TUC opposes employer bid to delay compulsory pension contributions

An ‘under the radar’ campaign to force workers to wait a year before employers make compulsory contributions to staff pensions would deprive many employees of the chance to build up a pension, the TUC has warned.

The government’s Pensions White Paper proposes that employers should pay 3% of an employee’s wage into a National Pensions Savings Scheme unless the employee opts out.

The TUC has learned that some major employers, particularly in retail and hospitality, are lobbying ministers to introduce a waiting period of a year before an employee in a new job starts to gain from compulsory employer pension contributions.

But a new TUC analysis of official statistics shows that, if successful, this would mean that on any day, one in six workers – about 4.3 million people – would be missing out on a pensions contribution.

Workers who frequently change jobs – as is common in some sectors – would therefore receive a significant reduction in pension contributions over their working lives, the union group warns.

The TUC said more than a third of workers in the hotel and restaurant sector have not been in their jobs for a year. In retail, more than one in five have not been in their job for a year.
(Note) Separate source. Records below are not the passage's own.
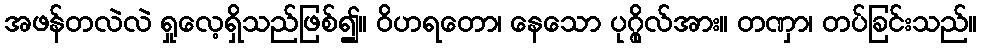
အဖန်တလဲလဲ ရှုလေ့ရှိသည်ဖြစ်၍။ ဝိဟရတော၊ နေသော ပုဂ္ဂိုလ်အား။ တဏှာ၊ တပ်ခြင်းသည်။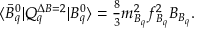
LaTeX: \langle \bar { B } _ { q } ^ { 0 } | Q _ { q } ^ { \Delta B = 2 } | B _ { q } ^ { 0 } \rangle = { \textstyle \frac { 8 } { 3 } } m _ { B _ { q } } ^ { 2 } f _ { B _ { q } } ^ { 2 } B _ { B _ { q } } .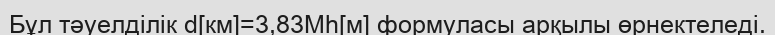
Бұл тәуелділік d[км]=3,83Мһ[м] формуласы арқылы өрнектеледі.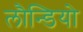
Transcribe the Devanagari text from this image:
लौन्डियोे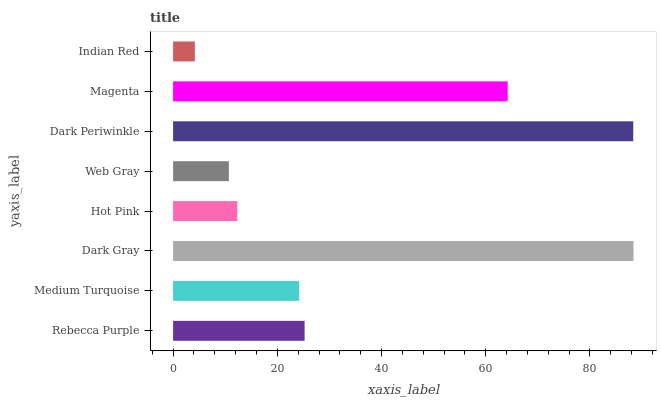
| yaxis_label | bars |
 | --- | --- |
 | Rebecca Purple | 25.2 |
 | Medium Turquoise | 24.2 |
 | Dark Gray | 88.3 |
 | Hot Pink | 12.3 |
 | Web Gray | 10.7 |
 | Dark Periwinkle | 88.3 |
 | Magenta | 64.2 |
 | Indian Red | 4.18 |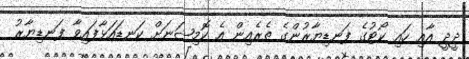
ދީދީ އާއި ހައި ކޯޓުގެ ފަނޑިޔާރުންގެ ތެރެއިން އެ ކޮމިޝަނަށް ކަނޑައަޅާފައިވާ ފަނޑިޔާރު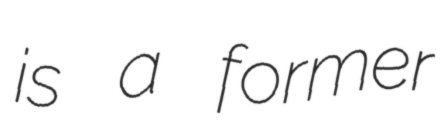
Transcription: is a former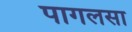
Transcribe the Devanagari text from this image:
पागलसा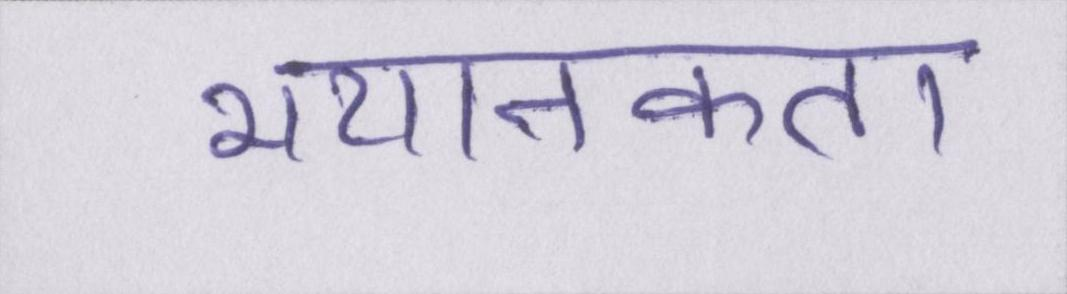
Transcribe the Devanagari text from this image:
भयानकता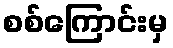
စစ်ကြောင်းမှ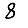
Digit: 8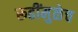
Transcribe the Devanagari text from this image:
रूढींमुळेच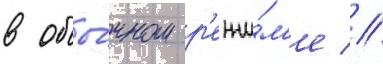
в обы́чном р'ежи́м'е //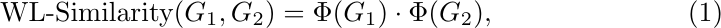
\begin{equation}
    \text{WL-Similarity}(G_1, G_2) = \Phi(G_1) \cdot \Phi(G_2),
\end{equation}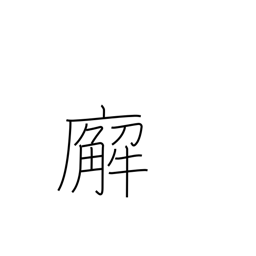
Meaning: government office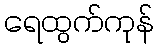
ရေထွက်ကုန်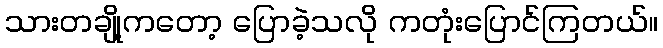
သားတချို့ကတော့ ပြောခဲ့သလို ကတုံးပြောင်ကြတယ်။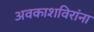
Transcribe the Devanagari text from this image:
अवकाशविरांना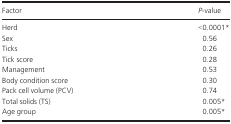
<table><thead><tr><td><b>Factor</b></td><td><b><i>P</i>‐value</b></td></tr></thead><tbody><tr><td>Herd</td><td>&lt;0.0001a</td></tr><tr><td>Sex</td><td>0.56</td></tr><tr><td>Ticks</td><td>0.26</td></tr><tr><td>Tick score</td><td>0.28</td></tr><tr><td>Management</td><td>0.53</td></tr><tr><td>Body condition score</td><td>0.30</td></tr><tr><td>Pack cell volume (PCV)</td><td>0.74</td></tr><tr><td>Total solids (TS)</td><td>0.005a</td></tr><tr><td>Age group</td><td>0.005a</td></tr></tbody></table>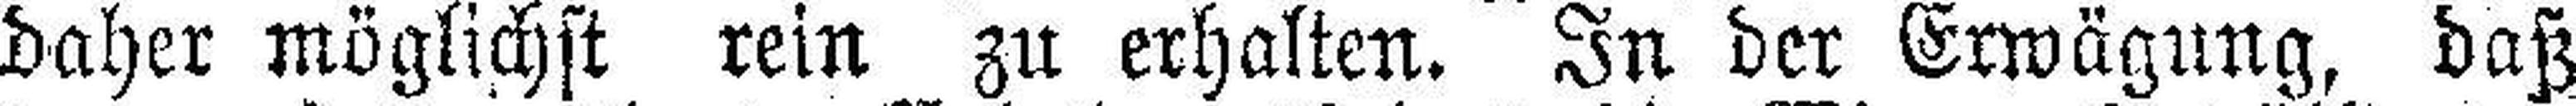
daher möglichst rein zu erhalten. In der Erwägung, daß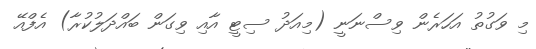
މި ވަގުތު އަހަރެން ވިސްނަނީ (މިއަދު ސިޓީ އާއި ވިގަން ބައްދަލުކުރާ) އެފްއޭ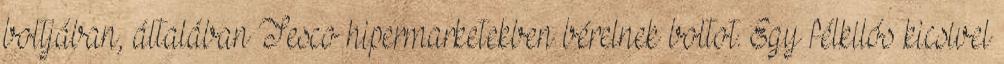
boltjában, általában Tesco hipermarketekben bérelnek boltot. Egy félkilós kicsivel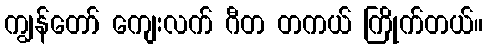
ကျွန်တော် ကျေးလက် ဂီတ တကယ် ကြိုက်တယ်။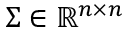
\b { \Sigma } \in \mathbb { R } ^ { n \times n }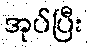
အုပ်ပြီး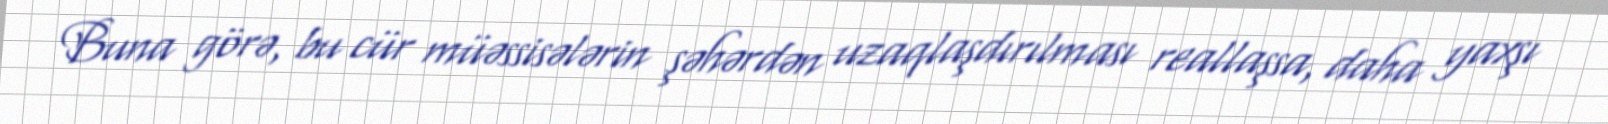
Buna görə, bu cür müəssisələrin şəhərdən uzaqlaşdırılması reallaşsa, daha yaxşı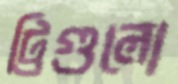
ট্রিগুলো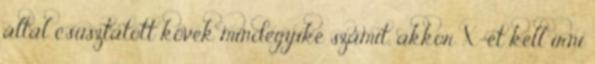
által csúsztatott kövek mindegyike számít, akkor X-et kell írni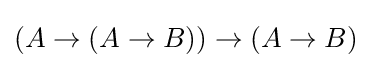
(A\rightarrow (A\rightarrow B))\rightarrow (A\rightarrow B)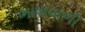
ભાષાવાળી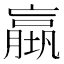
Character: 𡑤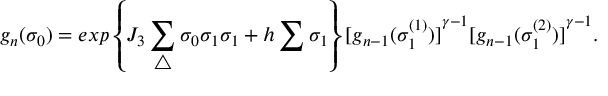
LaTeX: g _ { n } ( { \sigma } _ { 0 } ) = e x p \left\{ J _ { 3 } \sum _ { \triangle } { \sigma } _ { 0 } { \sigma } _ { 1 } { \sigma } _ { 1 } + h \sum { \sigma } _ { 1 } \right\} { [ g _ { n - 1 } ( { \sigma } _ { 1 } ^ { ( 1 ) } ) ] } ^ { \gamma - 1 } { [ g _ { n - 1 } ( { \sigma } _ { 1 } ^ { ( 2 ) } ) ] } ^ { \gamma - 1 } .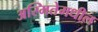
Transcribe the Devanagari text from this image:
अस्मितेमधील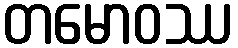
တမောဝဿ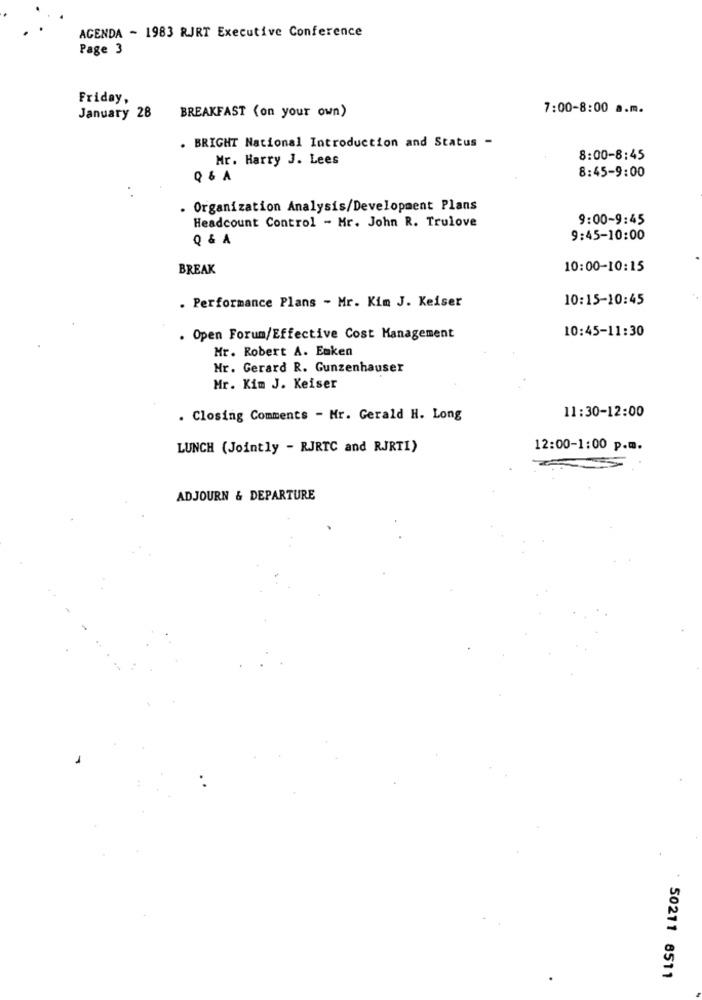
AGENDA - 1983 RJRT Executive Conference
Page 3
Friday,
BREAKFAST (on your own)
7:00-8:00 a.m.
January 28
. BRIGHT National Introduction and Status -
Mr. Harry J. Lees
8:00-8:45
8:45-9:00
Q & A
. Organization Analysis/Development Plans
9:00-9:45
Headcount Control - Mr. John R. Trulove
Q & A
9:45-10:00
BREAK
10:00-10:15
. Performance Plans - Mr. Kim J. Keiser
10:15-10:45
10:45-11:30
. Open Forum/Effective Cost Management
Mr. Robert A. Enken
Mr. Gerard R. Gunzenhauser
Mr. Kim J. Keiser
11:30-12:00
. Closing Comments - Mr. Gerald H. Long
LUNCH (Jointly - RJRTC and RJRTI)
12:00-1:00 p.m.
ADJOURN & DEPARTURE
50211 8511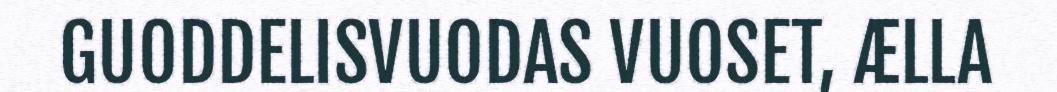
GUODDELISVUODAS VUOSET, ÆLLA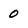
Character: 0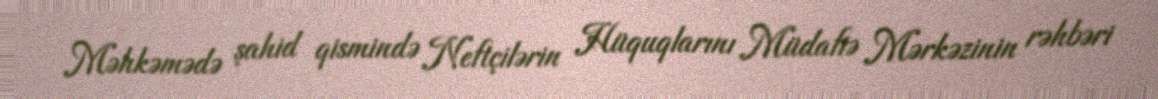
Məhkəmədə şahid qismində Neftçilərin Hüquqlarını Müdafiə Mərkəzinin rəhbəri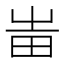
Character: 𤰫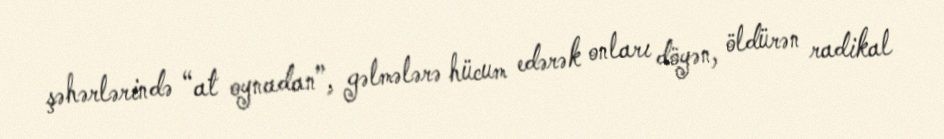
şəhərlərində “at oynadan”, gəlmələrə hücum edərək onları döyən, öldürən radikal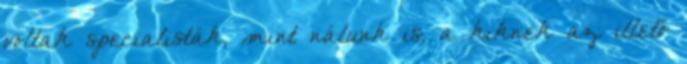
voltak specialisták, mint nálunk is, a kiknek az illető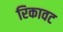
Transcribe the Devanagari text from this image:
रिकावट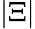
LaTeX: |\Xi|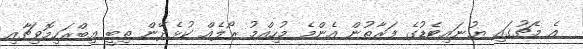
އެ މެޗުގައި ޔުނައިޓެޑުގެ ފަރާތުން އެންމެ މުހިއްމު ރޯލެއް ކުޅެދޭން ތިބީ އިބްރަހިމޮވިޗާއި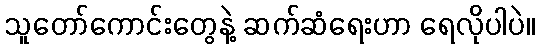
သူတော်ကောင်းတွေနဲ့ ဆက်ဆံရေးဟာ ရေလိုပါပဲ။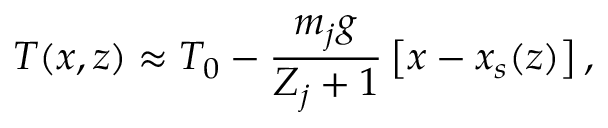
T ( x , z ) \approx T _ { 0 } - { \frac { m _ { j } g } { Z _ { j } + 1 } } \left[ x - x _ { s } ( z ) \right] ,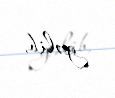
gəlib.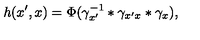
h ( x ^ { \prime } , x ) = \Phi ( \gamma _ { x ^ { \prime } } ^ { - 1 } * \gamma _ { x ^ { \prime } x } * \gamma _ { x } ) ,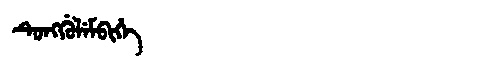
Manchu: ᡨᡠᠩᡤᡠᠯᡝᠮᠪᡳᡥᡝ
Romanization: TUNGGULEMBIHE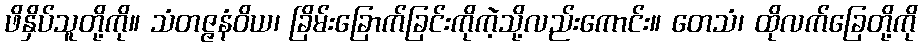
ဖိနှိပ်သူတို့ကို။ သံတဇ္ဇနံဝိယ၊ ခြိမ်းခြောက်ခြင်းကိုကဲ့သို့လည်းကောင်း။ တေသံ၊ ထိုလက်ခြေတို့ကို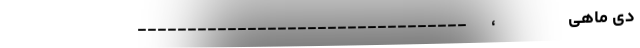
دی ماهی                  ،      _________________________________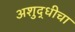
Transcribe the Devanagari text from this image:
अशुद्धीचा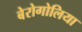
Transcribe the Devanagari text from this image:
बेरोगोलिया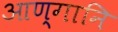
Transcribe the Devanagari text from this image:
आण्गानि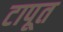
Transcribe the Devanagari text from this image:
टापूत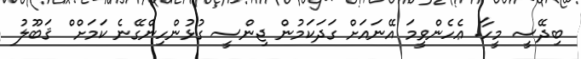
ބިދޭސީ މީހާ. ޢެހެންވީމަ އޭނައަށް ގަދަކަމުން ޖިންސީ ގުޅުންހިންގޭނެ ކަމަށް ް ޤަބޫލު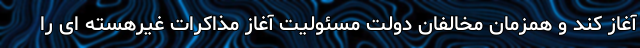
آغاز کند و همزمان مخالفان دولت مسئولیت آغاز مذاکرات غیرهسته ای را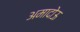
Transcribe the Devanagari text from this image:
अमादोऊ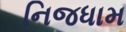
નિજધામ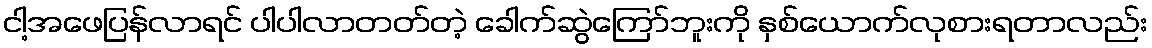
ငါ့အဖေပြန်လာရင် ပါပါလာတတ်တဲ့ ခေါက်ဆွဲကြော်ဘူးကို နှစ်ယောက်လုစားရတာလည်း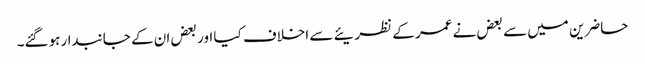
حاضرین میں سے بعض نے عمر کے نظریئے سے اخلاف کیا اور بعض ان کے جانبدار ہوگئے۔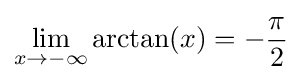
\lim _{x\rightarrow -\infty }\arctan(x)=-{\frac {\pi }{2}}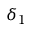
\delta _ { 1 }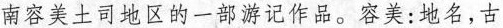
南容美土司地区的一部游记作品。容美：地名，古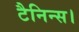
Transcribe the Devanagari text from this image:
टैनिन्स।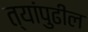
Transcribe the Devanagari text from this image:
त्यांपुढील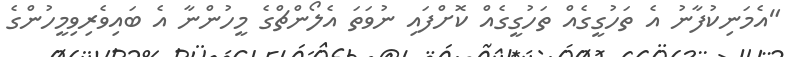
"އެމަނިކުފާނު އެ ތަހުގީގެއް ތަހުގީގެއް ކޮށްފައި ނުވަތަ އެލޯންޗްގެ މީހުންނާ އެ ބައިވެރިވިމީހުންގެ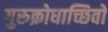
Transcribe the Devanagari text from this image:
गुरुक्रोधाच्छिवो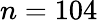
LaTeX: n=104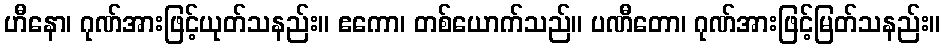
ဟီနော၊ ဂုဏ်အားဖြင့်ယုတ်သနည်း။ ဧကော၊ တစ်ယောက်သည်။ ပဏီတော၊ ဂုဏ်အားဖြင့်မြတ်သနည်း။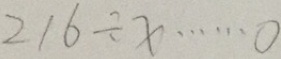
2 1 6 \div x \cdots 0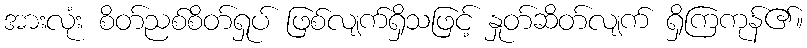
အားလုံး စိတ်ညစ်စိတ်ရှုပ် ဖြစ်လျက်ရှိသဖြင့် နှုတ်ဆိတ်လျက် ရှိကြကုန်၏။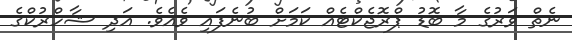
ނެތް ވަރުގެ މާ ބޮޑު ޕްރޮޖެކްޓެއް ކަމަށް ބުނެފައި ވެއެވެ. އަދި ޝާހްރުކްގެ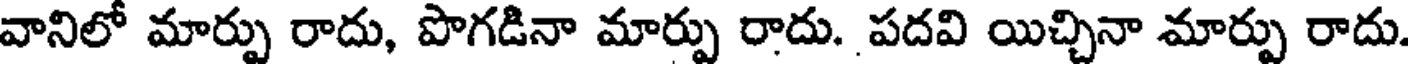
వానిలో మార్పు రాదు, పొగడినా మార్పు రాదు. పదవి యిచ్చినా మార్పు రాదు.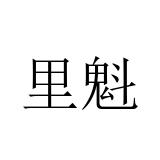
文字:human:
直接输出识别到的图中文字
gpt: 里魁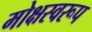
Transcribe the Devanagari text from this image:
मोक्षस्वरूप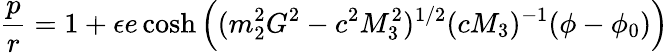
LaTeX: \frac{p}{r}=1+\epsilon e\cosh\left((m_{2}^{2}G^{2}-c^{2}M_{3}^{2})^{1/2}(cM_{3})^{-1}(\phi-\phi_{0})\right)

General secretary Brendan Barber said: “The government was right to face down the employer organisations who opposed compulsory pension contributions. But some are now engaged in a last minute, ‘under the radar’ attempt to rip the guts out of the new pensions system by making staff wait for a year in every new job before they start to build up a pension.

“This might not make a big difference to someone who only has one or two employers in their lifetime, but that has always been rare. And those who most need the new pensions system – those in lower-paid and less secure jobs – will be the biggest losers.”

Firms don’t get a year off before paying National Insurance contributions, so they should not get a payment holiday on pension contributions either, Barber said.